── Material provided

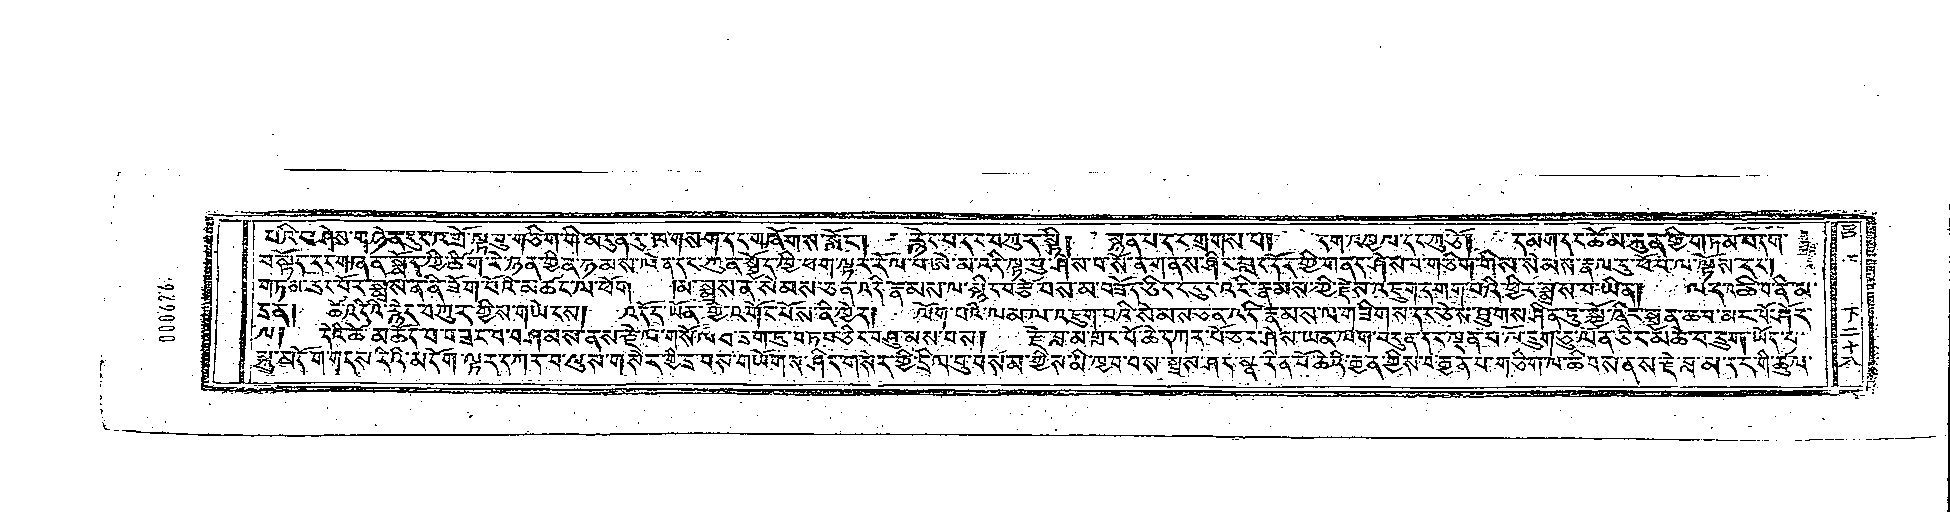པའི་བཤེས་གཉེན་དུད་འགྲོ་ལྟ་བུ་གཅིག་གི་མདུན་དུ་ཁ་གསག་དང་གཞོགས་སློང་། རྙེད་པ་དང་བཀུར་སྟི། སྙན་པ་དང་གྲགས་པ། དག་འཁྱལ་དང་ཀུ་ཅོ། དམག་དང་ཆོམ་རྐུན་གྱི་གཏམ་བདག་
བསྟོད་དང་གཞན་སྨོད་ཀྱི་ཚིག་རེ་ཉན་གྱིན་ཉམས་ལེན་དང་ཀུན་སྤྱོད་ཁྱི་ཕག་ལྟར་རོལ་བ་ཨེ་མ་འདི་ལྟ་བུ་ཤེས་པ་སོ་ན་གནས་ཤིང་བླང་དོར་གྱི་གནད་ཤེས་བ་གཅིག་གིས་སེམས་རྣལ་དུ་ཕོབ་ལ་ལྟོས་དང་།
གཏམ་དྲང་པོར་སྨྲས་ན་ནི་ཟོག་པོའི་མཚང་ལ་ཕོག །མ་སྨྲས་ན་སེམས་ཅན་འདི་རྣམས་ལ་སྙིང་བརྩེ་བས་མ་བཟོད་ཅིང་ད་དུང་འདི་རྣམས་ཀྱི་རྗེས་འཇུག་དགག་པའི་ཕྱིར་སྨྲས་པ་ཡིན། ལར་འཆི་བ་ནི་མ་
དྲན། ཚེ་འདིའི་རྙེད་བཀུར་གྱིས་གཡེངས། འདོད་ཡོན་གྱི་འགོང་པོས་ནི་ཁྱེར། ལོག་པའི་ལམ་ལ་འཇུག་པའི་སེམས་ཅན་འདི་རྣམས་ལ་གཟིགས་དང་ཅེས་ཐུགས་ཤིན་ཏུ་སྐྱོ་ཞིང་སྤྱན་ཆབ་མང་པོ་ཤོར་
ལ། དེའི་ཚེ་མཆོད་བ་བཟང་བ་བཤམས་ནས་རྗེ་ལ་གསོལ་བ་དྲག་ཏུ་བཏབ་ཅིང་བཤུམས་པས། རྗེ་བླ་མ་གླང་པོ་ཆེ་དཀར་པོ་ཅང་ཤེས་ཡན་ལག་བདུན་དང་ལྡན་པ་ལོ་དྲུག་ཅུ་ལོན་ཅིང་མཆེ་བ་དྲུག་ཡོད་པ་
སྐུ་མདོག་གངས་རིའི་མདོག་ལྟར་དཀར་བ་ལུས་གསེར་གྱི་དྲ་བས་གཡོགས་ཤིང་གསེར་གྱི་དྲིལ་བུ་བསམ་གྱིས་མི་ཁྱབ་པས་སྤྲས་ཤད་སྣ་རིན་པོ་ཆེའི་རྒྱན་གྱིས་བརྒྱན་པ་གཅིག་ལ་ཆིབས་ནས་རྗེ་བླ་མ་རང་གི་ཚུལ་

────

§ **Problem to work on**: What's needed is a word-for-word copy of the lines from the one holding "བསྟོད་དང་གཞན་ས" through the final line of the data.

§ **The completed task**:
བསྟོད་དང་གཞན་སྨོད་ཀྱི་ཚིག་རེ་ཉན་གྱིན་ཉམས་ལེན་དང་ཀུན་སྤྱོད་ཁྱི་ཕག་ལྟར་རོལ་བ་ཨེ་མ་འདི་ལྟ་བུ་ཤེས་པ་སོ་ན་གནས་ཤིང་བླང་དོར་གྱི་གནད་ཤེས་བ་གཅིག་གིས་སེམས་རྣལ་དུ་ཕོབ་ལ་ལྟོས་དང་།
གཏམ་དྲང་པོར་སྨྲས་ན་ནི་ཟོག་པོའི་མཚང་ལ་ཕོག །མ་སྨྲས་ན་སེམས་ཅན་འདི་རྣམས་ལ་སྙིང་བརྩེ་བས་མ་བཟོད་ཅིང་ད་དུང་འདི་རྣམས་ཀྱི་རྗེས་འཇུག་དགག་པའི་ཕྱིར་སྨྲས་པ་ཡིན། ལར་འཆི་བ་ནི་མ་
དྲན། ཚེ་འདིའི་རྙེད་བཀུར་གྱིས་གཡེངས། འདོད་ཡོན་གྱི་འགོང་པོས་ནི་ཁྱེར། ལོག་པའི་ལམ་ལ་འཇུག་པའི་སེམས་ཅན་འདི་རྣམས་ལ་གཟིགས་དང་ཅེས་ཐུགས་ཤིན་ཏུ་སྐྱོ་ཞིང་སྤྱན་ཆབ་མང་པོ་ཤོར་
ལ། དེའི་ཚེ་མཆོད་བ་བཟང་བ་བཤམས་ནས་རྗེ་ལ་གསོལ་བ་དྲག་ཏུ་བཏབ་ཅིང་བཤུམས་པས། རྗེ་བླ་མ་གླང་པོ་ཆེ་དཀར་པོ་ཅང་ཤེས་ཡན་ལག་བདུན་དང་ལྡན་པ་ལོ་དྲུག་ཅུ་ལོན་ཅིང་མཆེ་བ་དྲུག་ཡོད་པ་
སྐུ་མདོག་གངས་རིའི་མདོག་ལྟར་དཀར་བ་ལུས་གསེར་གྱི་དྲ་བས་གཡོགས་ཤིང་གསེར་གྱི་དྲིལ་བུ་བསམ་གྱིས་མི་ཁྱབ་པས་སྤྲས་ཤད་སྣ་རིན་པོ་ཆེའི་རྒྱན་གྱིས་བརྒྱན་པ་གཅིག་ལ་ཆིབས་ནས་རྗེ་བླ་མ་རང་གི་ཚུལ་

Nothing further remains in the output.